## Assigned task
Leave out every picture, then transcribe the rest of the listing exactly.

## Data
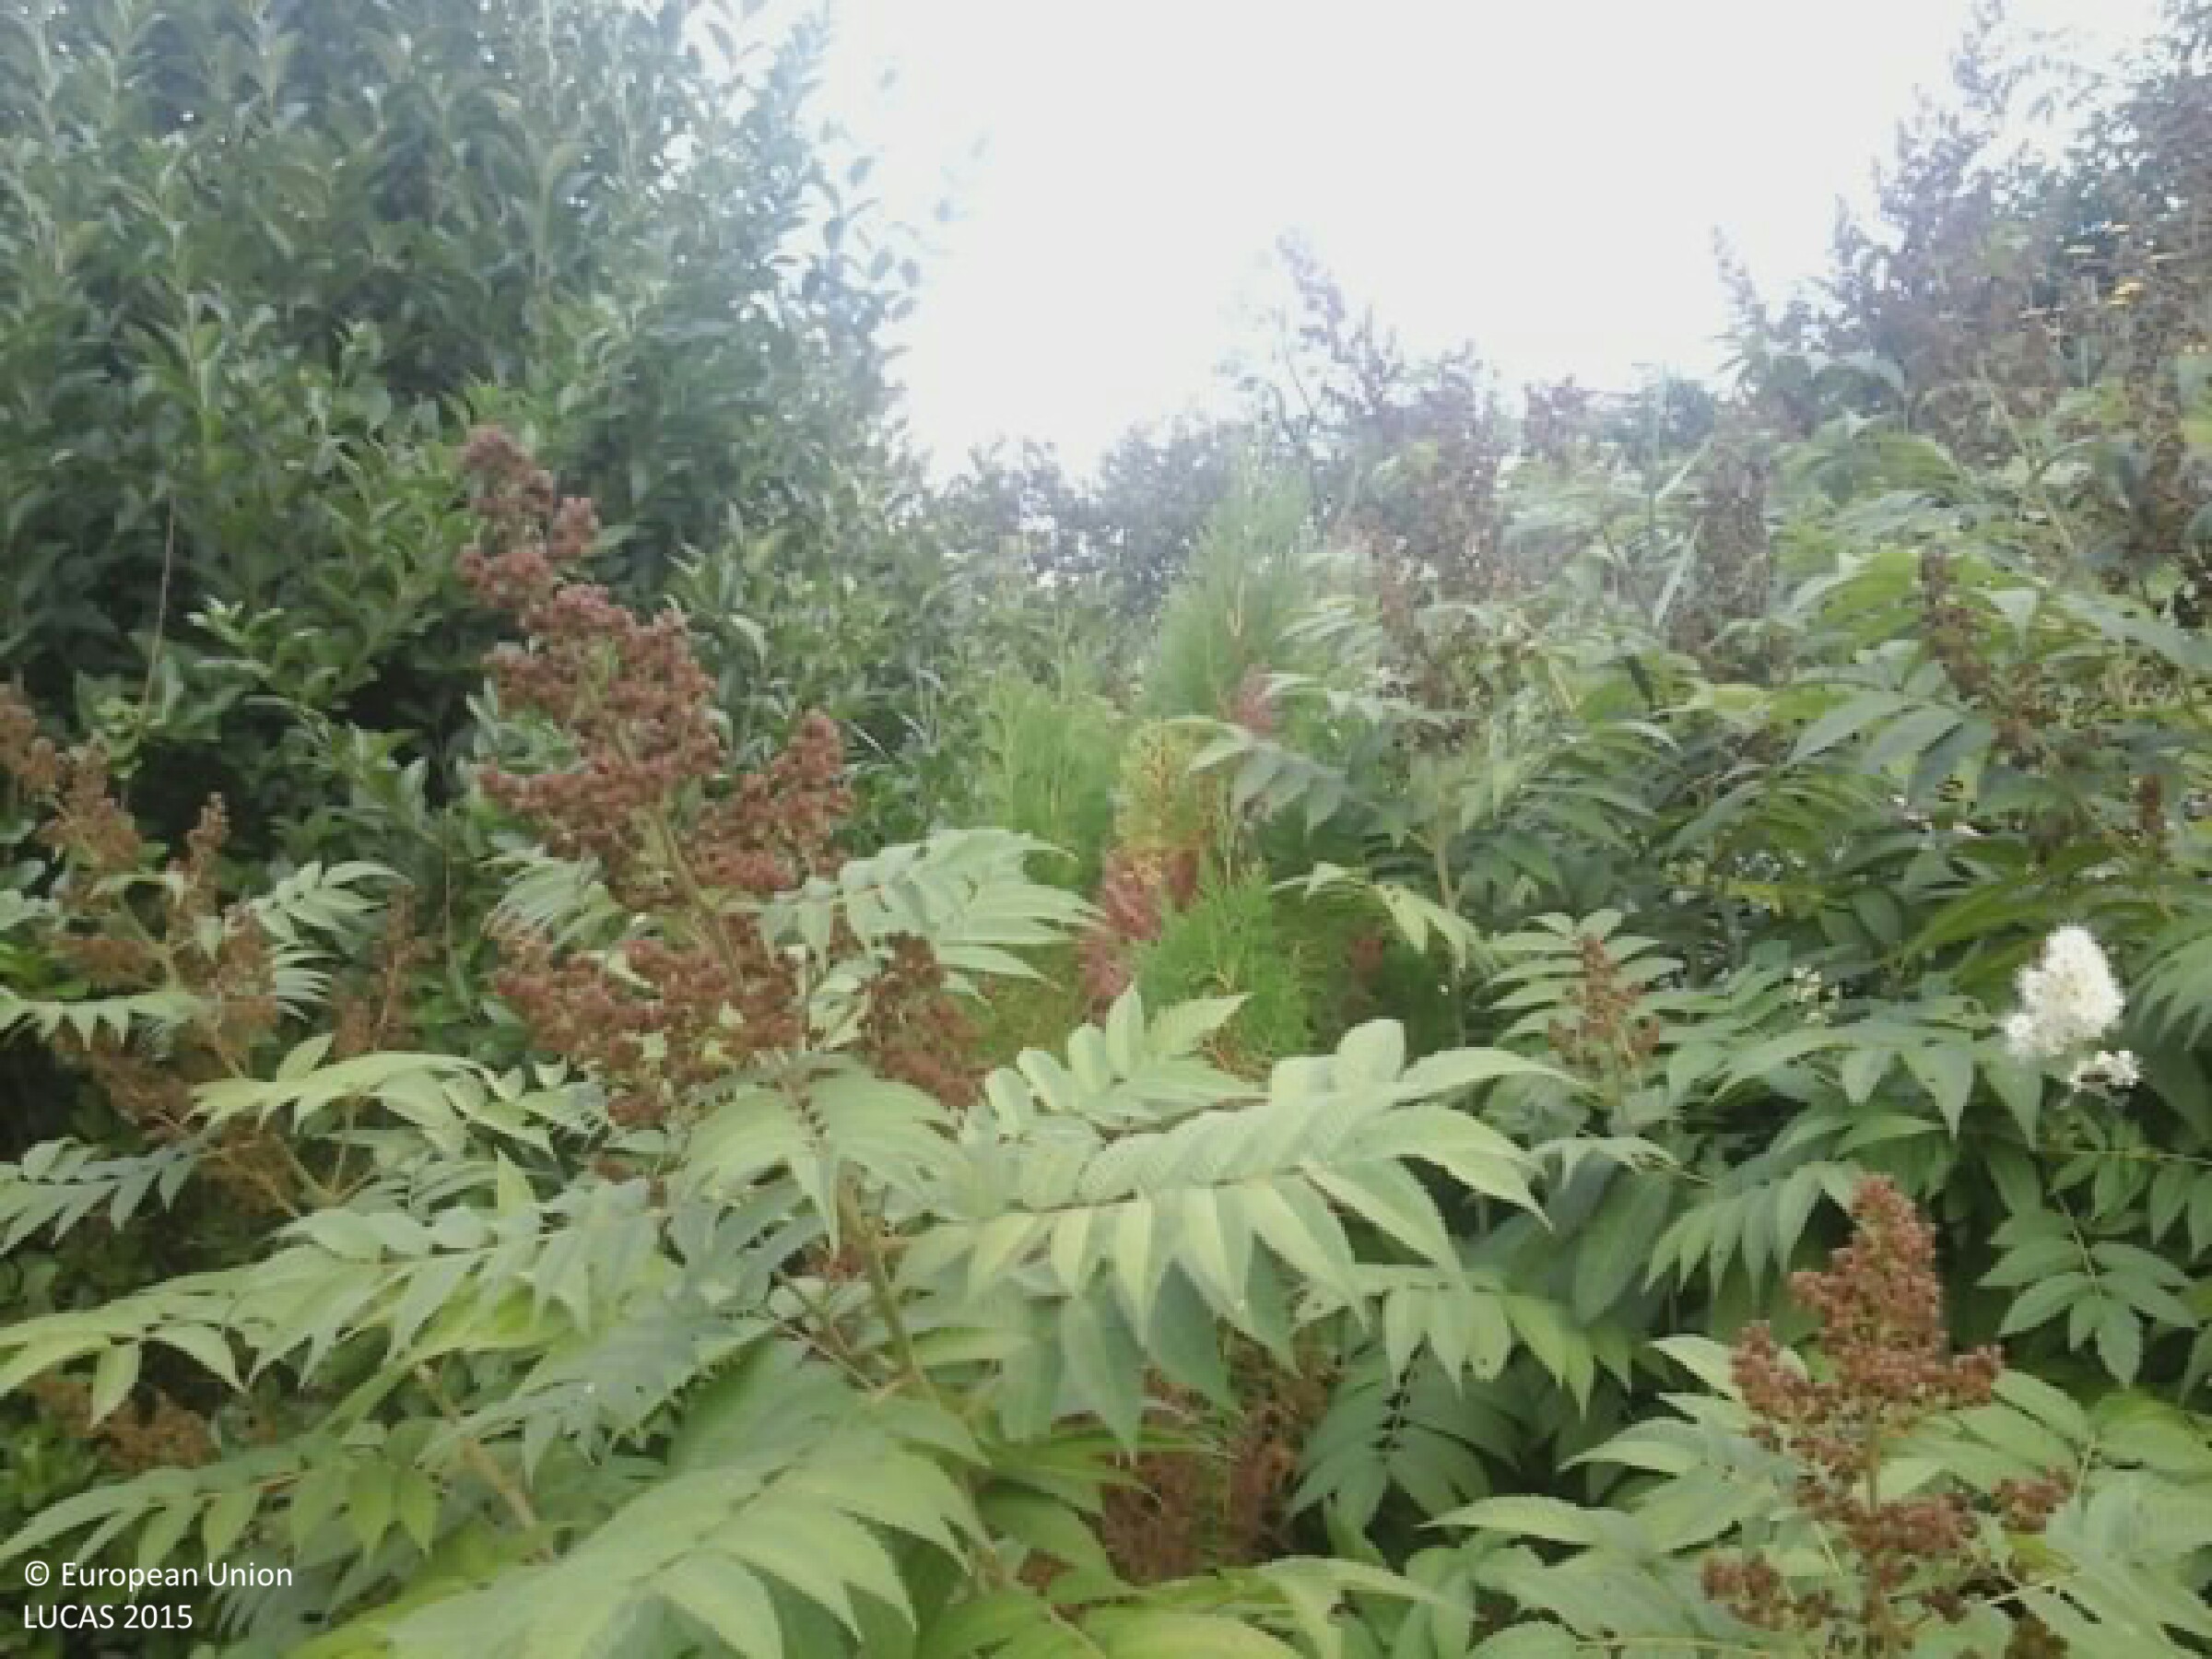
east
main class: Cropland
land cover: Floriculture and ornamental plants
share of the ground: > 75 %
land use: Kitchen garden
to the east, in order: Floriculture and ornamental plants; Artificial constructions in urban areas
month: August
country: HU
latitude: 46.2359
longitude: 18.1901

## Final answer
east
main class: Cropland
land cover: Floriculture and ornamental plants
share of the ground: > 75 %
land use: Kitchen garden
to the east, in order: Floriculture and ornamental plants; Artificial constructions in urban areas
month: August
country: HU
latitude: 46.2359
longitude: 18.1901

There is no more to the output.